It sucks but when the people elect judges and DAs that believe that, they get this result. I wish there was enough jail space to give the suspects hard time.



MOST property crimes are low priority, but stealing a firearm is a felony in MN, but point well taken.
Link Posted: 11/1/2006 6:44:15 PM EST
Was it by chance a weapon with "confusing" serial numbers?

Smith Revolvers are one.

Imported Mil-surps another....
Link Posted: 11/1/2006 7:13:18 PM EST

Originally Posted By BigRoost:

Originally Posted By vanilla_gorilla:

Originally Posted By BigRoost:
I had a similar experience with an efficient S.O... Had a dump trailer stolen out of my drive, had all numbers etc and a good description.

I got a call six months later:

"We were just wondering if you'd found the stolen trailer yet."

No, but if I do I'll be sure and call so that you can remove it from the "ignore" file.
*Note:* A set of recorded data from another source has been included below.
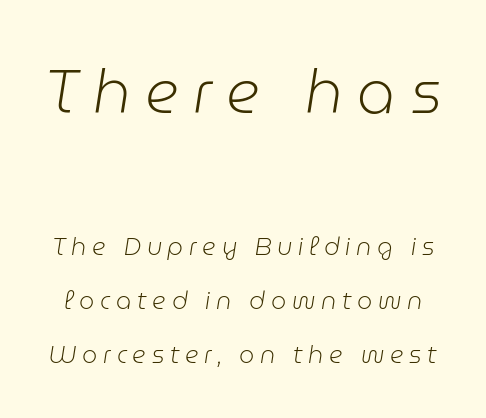
Q: Is the text bold? A: No.
Q: Is the text italic (slanted)? A: Yes, it leans right by about 9 degrees.
Q: Is the text underlined? A: No.
Q: Is the spacing between letters normal or unusually wide? A: Unusually wide.
Q: Is the spacing between lines tight, normal or loose? A: Loose.
Q: Which block of text is set in a larger size, the first (top) or the second (bottom)? A: The first (top) one.
Q: Width (condensed, normal, or wide)? A: Normal.
Q: Stroke contrast? A: Low.
Q: x-height? A: Medium.
Q: Monospaced? A: No.
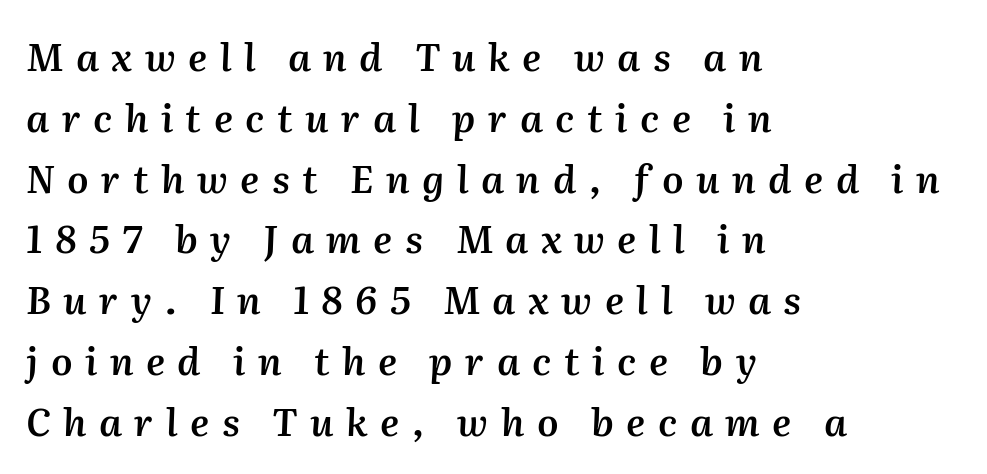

That's a regular part of a property detectives job. If you had any idea how many times we've pulled over "stolen" cars and dragged the owner out at gunpoint, you wouldn't at it.


I understand, never thought of that side of it. Do people really "find" their stolen cars and not report that fact, or does the "it's been recovered" report never make the database?


I would estimate that at least half of the vehicles that I enter into FCIC as stolen are vehicles that are loaned out and not returned. Some really DO find their own cars and take them back, and then think that's that, but that's extremely rare. Joe Blow gets his car back from the idiot he loaned it to, and somehow thinks that stolen vehicles report just "goes away." That's the reason property detectives get to sit at their desk and call people all day long asking if their car, or trailer, or dildo is still stolen. I promise you, they don't do it because they enjoy it.
Link Posted: 11/1/2006 7:46:41 PM EST
[Last Edit: 11/1/2006 7:47:13 PM EST by chips]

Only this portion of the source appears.